(Source records)
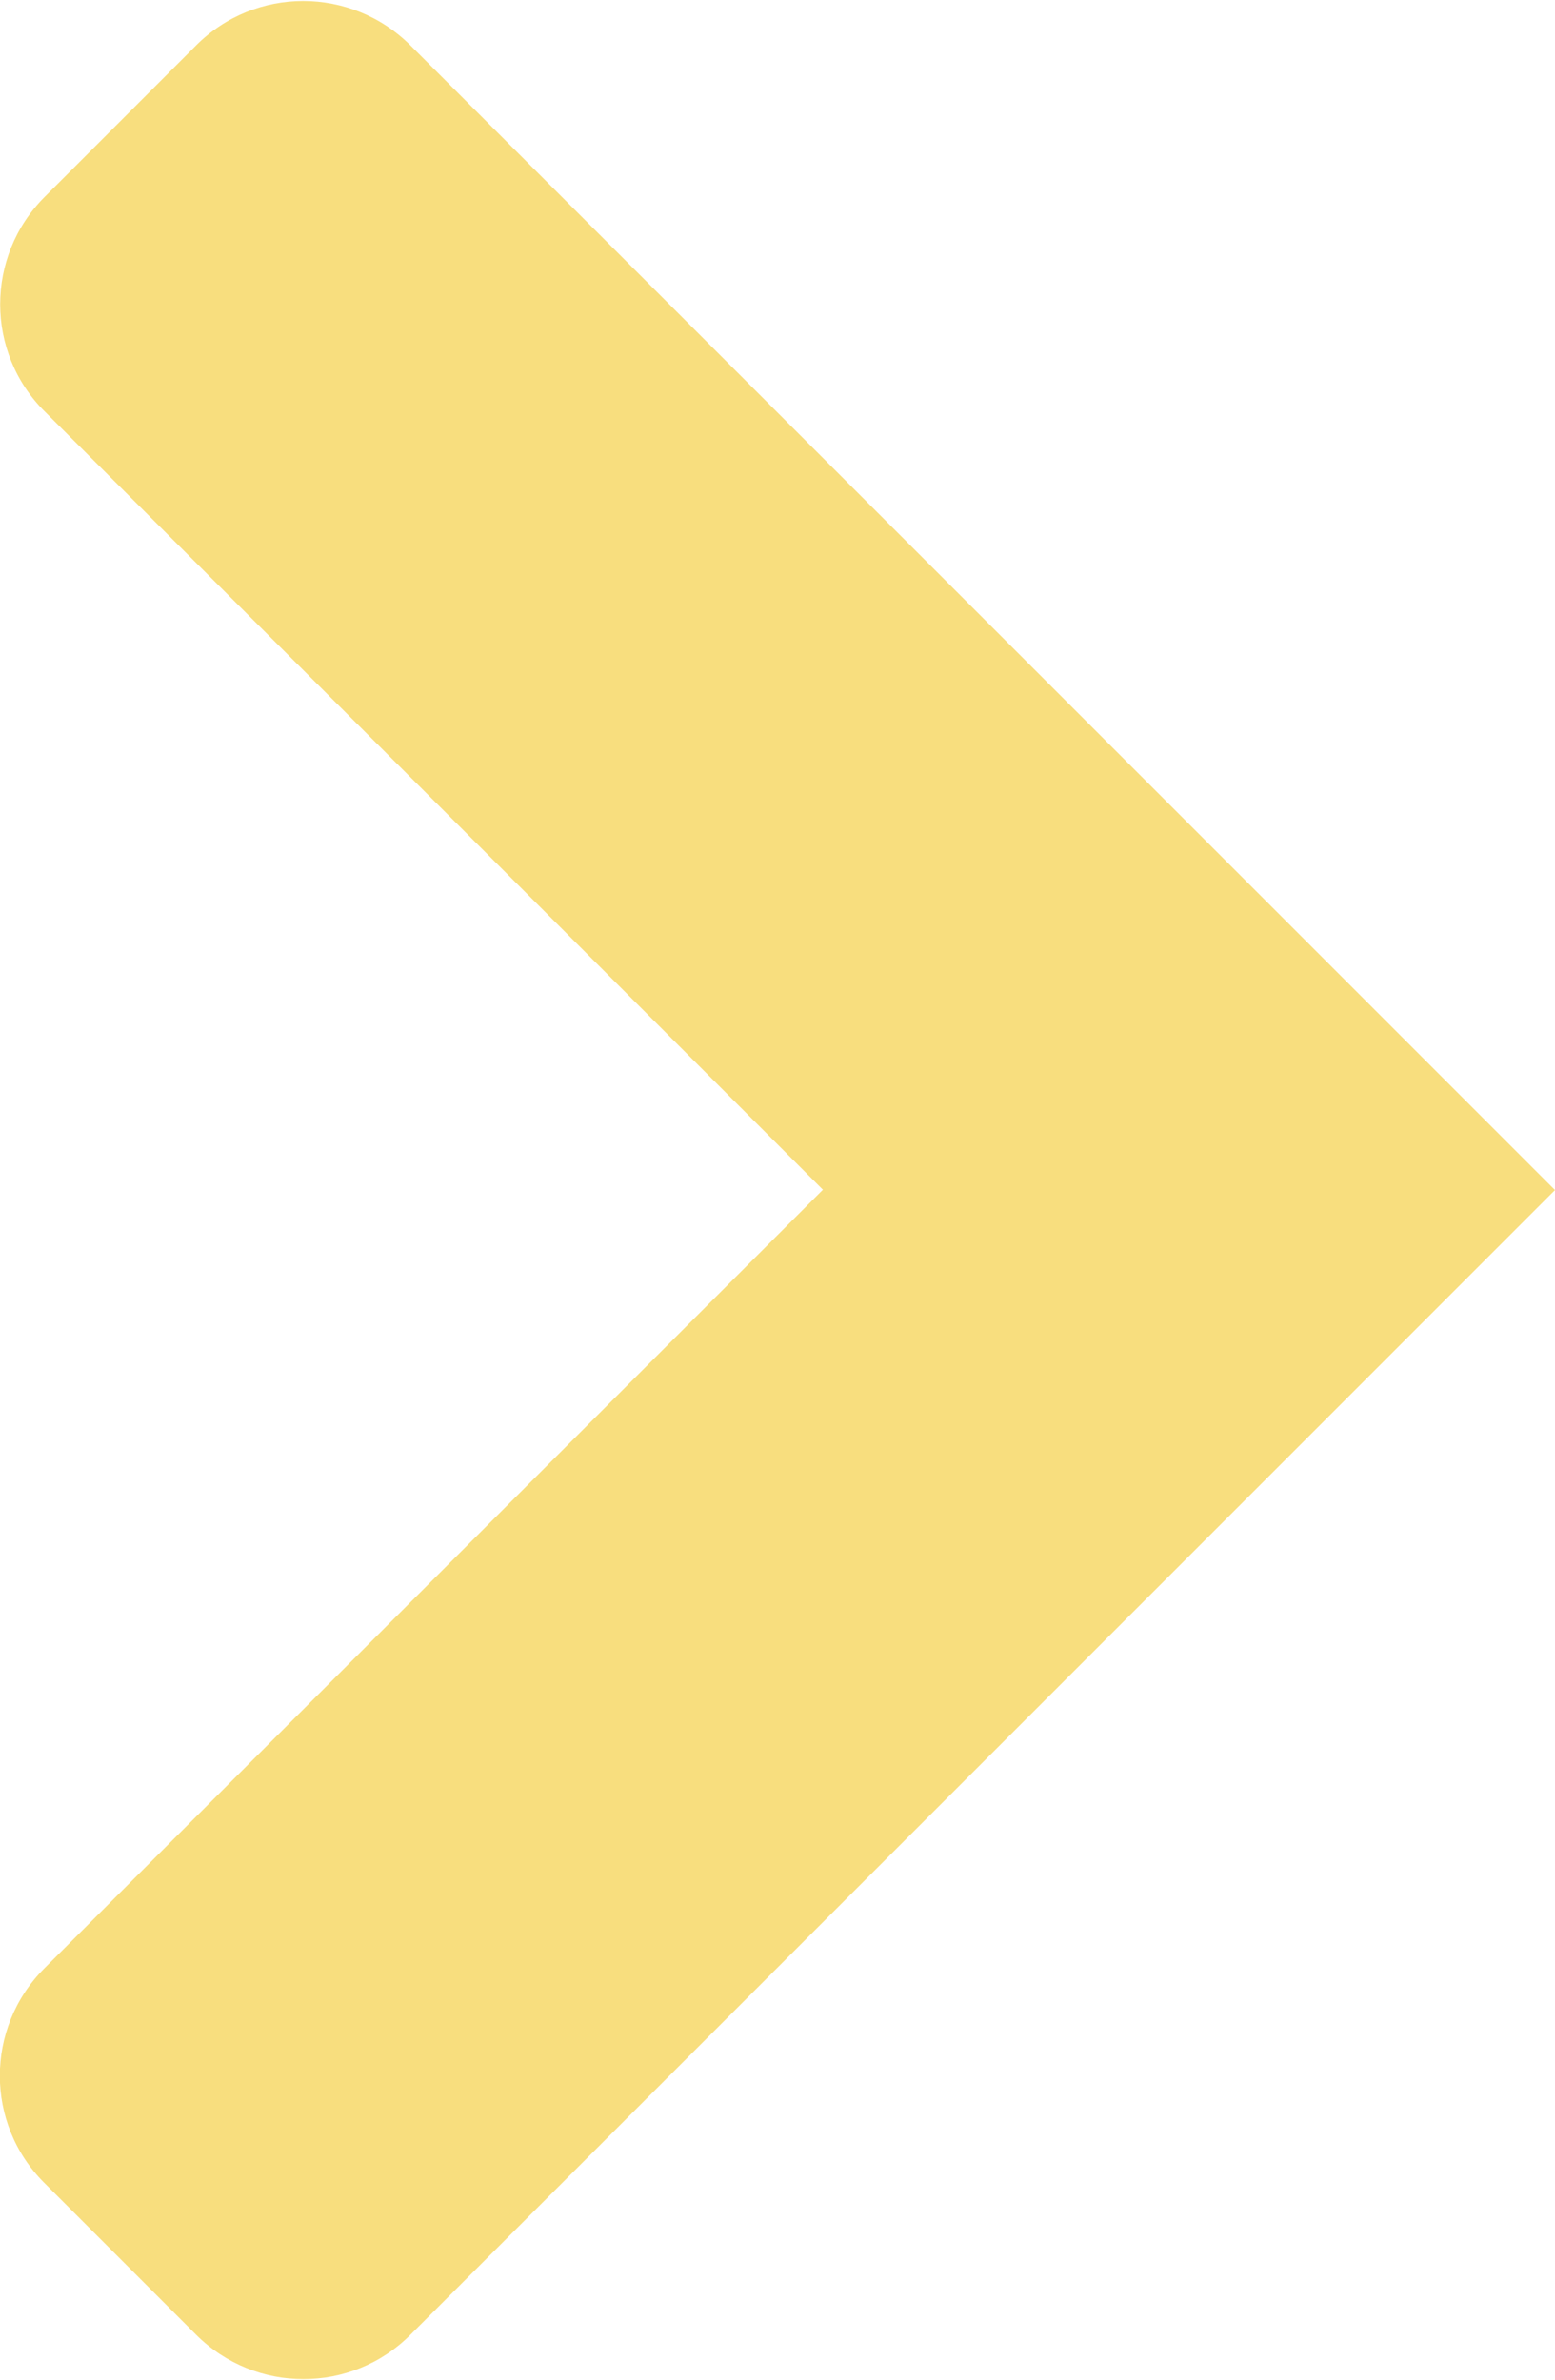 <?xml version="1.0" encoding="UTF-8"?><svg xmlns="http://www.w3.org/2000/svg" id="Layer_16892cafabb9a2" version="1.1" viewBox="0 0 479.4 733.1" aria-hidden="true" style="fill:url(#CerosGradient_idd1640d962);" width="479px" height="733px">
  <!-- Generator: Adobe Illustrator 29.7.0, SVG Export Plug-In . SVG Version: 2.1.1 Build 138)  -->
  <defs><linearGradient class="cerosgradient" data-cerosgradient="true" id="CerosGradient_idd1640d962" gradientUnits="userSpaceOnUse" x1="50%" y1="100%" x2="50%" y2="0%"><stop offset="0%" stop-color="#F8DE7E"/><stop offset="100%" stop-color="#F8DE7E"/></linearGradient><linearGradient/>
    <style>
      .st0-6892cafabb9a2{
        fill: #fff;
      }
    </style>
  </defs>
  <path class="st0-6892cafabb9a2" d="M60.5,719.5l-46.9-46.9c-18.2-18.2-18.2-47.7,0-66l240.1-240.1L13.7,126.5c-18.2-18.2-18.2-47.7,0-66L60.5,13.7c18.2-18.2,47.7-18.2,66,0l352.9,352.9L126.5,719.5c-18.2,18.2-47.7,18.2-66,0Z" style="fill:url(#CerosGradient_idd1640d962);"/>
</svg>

Your goal -
Print the entries above exactly, leaving pictures out.

Task output -
 <?xml version="1.0" encoding="UTF-8"?><svg xmlns="http://www.w3.org/2000/svg" id="Layer_16892cafabb9a2" version="1.1" viewBox="0 0 479.4 733.1" aria-hidden="true" style="fill:url(#CerosGradient_idd1640d962);" width="479px" height="733px">
  <!-- Generator: Adobe Illustrator 29.7.0, SVG Export Plug-In . SVG Version: 2.1.1 Build 138)  -->
  <defs><linearGradient class="cerosgradient" data-cerosgradient="true" id="CerosGradient_idd1640d962" gradientUnits="userSpaceOnUse" x1="50%" y1="100%" x2="50%" y2="0%"><stop offset="0%" stop-color="#F8DE7E"/><stop offset="100%" stop-color="#F8DE7E"/></linearGradient><linearGradient/>
    <style>
      .st0-6892cafabb9a2{
        fill: #fff;
      }
    </style>
  </defs>
  <path class="st0-6892cafabb9a2" d="M60.5,719.5l-46.9-46.9c-18.2-18.2-18.2-47.7,0-66l240.1-240.1L13.7,126.5c-18.2-18.2-18.2-47.7,0-66L60.5,13.7c18.2-18.2,47.7-18.2,66,0l352.9,352.9L126.5,719.5c-18.2,18.2-47.7,18.2-66,0Z" style="fill:url(#CerosGradient_idd1640d962);"/>
</svg>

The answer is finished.